Yuri was a founder and President of SoftQuad Inc, and developed
software for the Internet such as HoTMetaL, MetalWorks and Author/Editor.
He was also Chairman, SGML Open Consortium and influential member of many
Internet and World Wide Web Standards and Technical organizations.
He was also known around the world for his dedication and innovation in
developing software for the visually impaired.

Yuri was Founding Co-Director of the Banff Publishing Workshop and
actively promoted the cause of publishers and writers in Canada.

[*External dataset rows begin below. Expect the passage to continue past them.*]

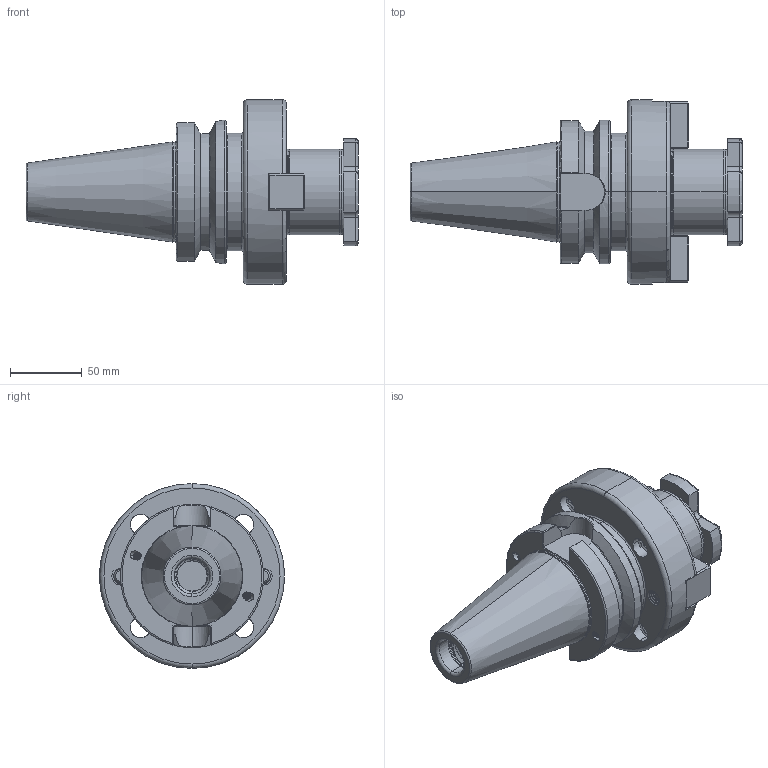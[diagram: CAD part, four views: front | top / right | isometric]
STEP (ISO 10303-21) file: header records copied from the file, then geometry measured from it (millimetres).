
FILE_DESCRIPTION (( 'STEP AP203' ), '1' );
FILE_NAME ('506.11.60.STEP', '2016-11-26T02:42:36', ( '' ), ( '' ), 'SwSTEP 2.0', 'SolidWorks 2012', '' );
FILE_SCHEMA (( 'CONFIG_CONTROL_DESIGN' ));
Length unit declared in the file: millimetre
Products named in the file (5): 十字螺絲FMB60; 506.11.60; 面銑刀墊塊60; 102.11.60_M12xP1.75-25L
Assembly tree (6 placements, depth 2):
  506.11.60
    506.11.60
    十字螺絲FMB60
    面銑刀墊塊60  x2
    102.11.60_M12xP1.75-25L  x2
Bounding box: 231.8 x 129 x 129 mm (x, y, z)
Volume: 999426.8 mm3; surface area: 149623.9 mm2
Topology: 6 solids, 6 shells, 649 faces, 1735 edges, 1105 vertices
Faces by surface type: cylinder 351, plane 139, cone 62, torus 56, bspline 41
Entity records: 42539 total; most frequent: CARTESIAN_POINT 29564, ORIENTED_EDGE 3058, DIRECTION 2194, EDGE_CURVE 1529, VERTEX_POINT 978, AXIS2_PLACEMENT_3D 833, EDGE_LOOP 591, FACE_OUTER_BOUND 563
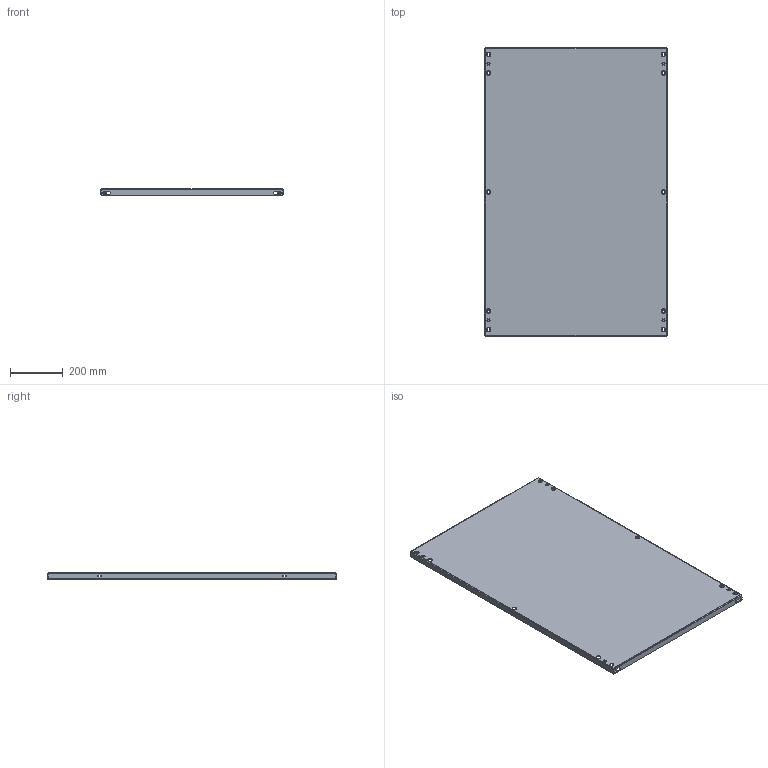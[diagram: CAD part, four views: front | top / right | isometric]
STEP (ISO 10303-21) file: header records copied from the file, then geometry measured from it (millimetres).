
FILE_DESCRIPTION (( 'STEP AP214' ), '1' );
FILE_NAME ('717.812.STEP', '2024-08-20T11:25:31', ( '' ), ( '' ), 'SwSTEP 2.0', 'SolidWorks 2021', '' );
FILE_SCHEMA (( 'AUTOMOTIVE_DESIGN' ));
Length unit declared in the file: millimetre
Products named in the file (3): 717.812 昑; Çàêëåïêà ðåçüáîâàÿ Ì8 øåñòèãðàííàÿ ñ óìåíüøåííûì áîðòîì; 717.812
Assembly tree (5 placements, depth 2):
  717.812
    717.812 昑
    Çàêëåïêà ðåçüáîâàÿ Ì8 øåñòèãðàííàÿ ñ óìåíüøåííûì áîðòîì  x4
Bounding box: 688 x 1088 x 26.6 mm (x, y, z)
Volume: 1735695 mm3; surface area: 1748162.5 mm2
Topology: 5 solids, 5 shells, 358 faces, 952 edges, 608 vertices
Faces by surface type: cylinder 176, plane 150, cone 24, bspline 8
Entity records: 10078 total; most frequent: CARTESIAN_POINT 2243, DIRECTION 1638, ORIENTED_EDGE 1556, EDGE_CURVE 778, AXIS2_PLACEMENT_3D 599, VERTEX_POINT 500, VECTOR 440, LINE 440

He also
founded, created and edited both Yorker Magazine, (1985-86) and Not The
Globe and Mail (1984) and founded Invisible Books in 1979.

His greatest achievements were as a writer: co-author of Christopher
Columbus Answers All Charges, 1993;   The Wankers' Guide to Canada, 1986;
A History of The End of The World, 1982.  Editor of The SGML Primer, 1991
and The SGML Handbook, 1990.  Yuri was also co-author and producer of SGML:
The Movie, 1990, and Invisible Cities, the play, in 1981. Recently Yuri was
finishing two books on SGML and the Internet, as well as an historical
comedy on Vergil, Mesmer and Neil Armstrong.

Yuri leaves his greatest admirer and supporter, Holley, his wife, a poet and
editor; her daughter, Robin;  his parents, Andre and Anna, a loving sister
Katherine, her husband John, and Jamie and Christopher, their children.

He was a man who knew what it meant to be first, and always strove to be
first in everything he did.

Memorial Service at Deer Park United Church, Saturday,  January 27th, 2 pm.
Donations In Memoriam to The War Amps of Canada.